# Entries provided:
——————————
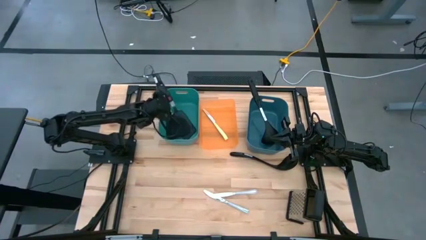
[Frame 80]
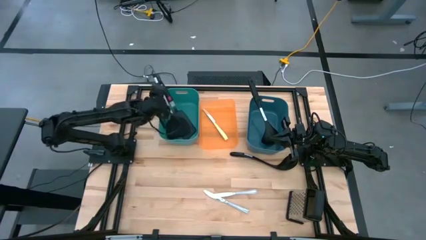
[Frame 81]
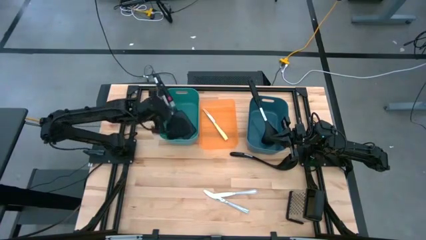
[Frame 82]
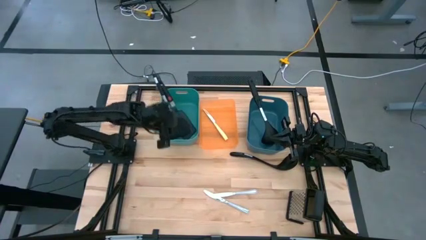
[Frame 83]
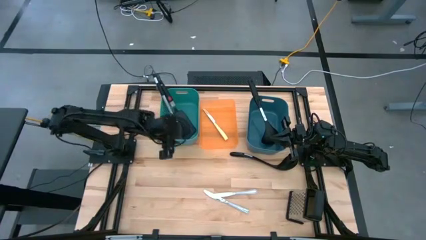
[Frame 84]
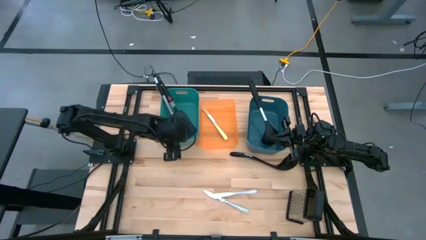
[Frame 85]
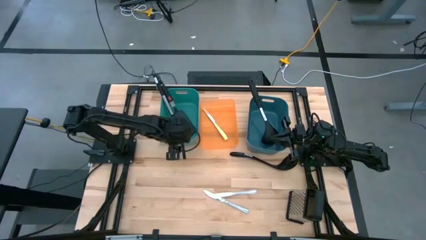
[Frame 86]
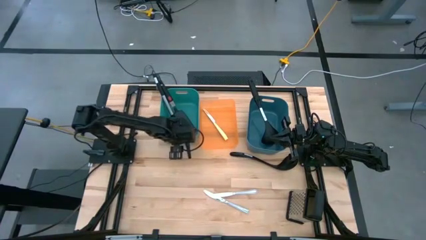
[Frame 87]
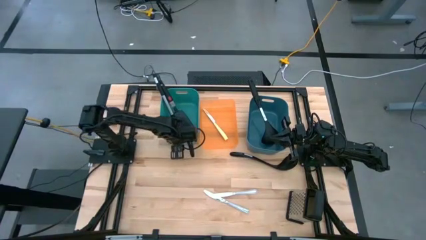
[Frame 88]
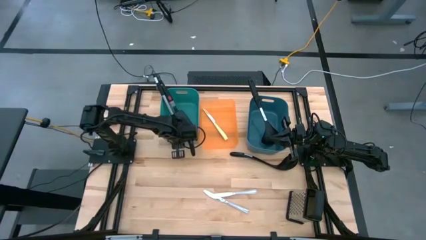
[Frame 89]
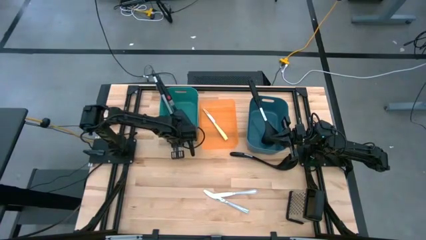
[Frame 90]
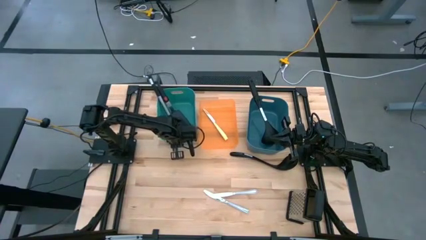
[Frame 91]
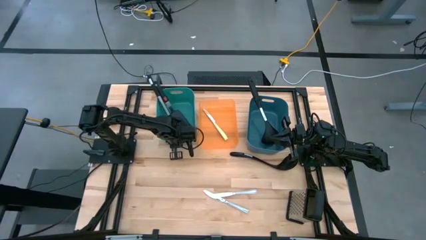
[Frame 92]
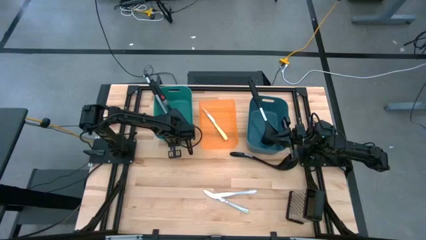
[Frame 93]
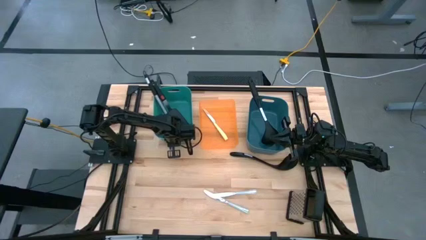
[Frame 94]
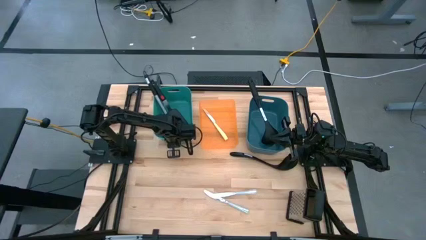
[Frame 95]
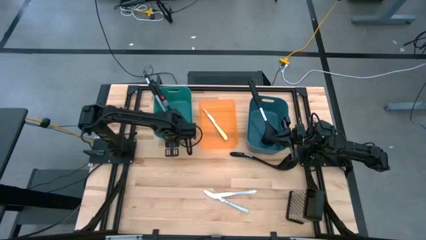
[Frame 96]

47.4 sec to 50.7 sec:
Task: Pick & Place Kitchen Items
Adjust the light green bin
——————————
# Task directions:
Print every entry exactly. Pictures are not part of the copy.

# Completed task:
[Frame 80]
[Frame 81]
[Frame 82]
[Frame 83]
[Frame 84]
[Frame 85]
[Frame 86]
[Frame 87]
[Frame 88]
[Frame 89]
[Frame 90]
[Frame 91]
[Frame 92]
[Frame 93]
[Frame 94]
[Frame 95]
[Frame 96]

47.4 sec to 50.7 sec:
Task: Pick & Place Kitchen Items
Adjust the light green bin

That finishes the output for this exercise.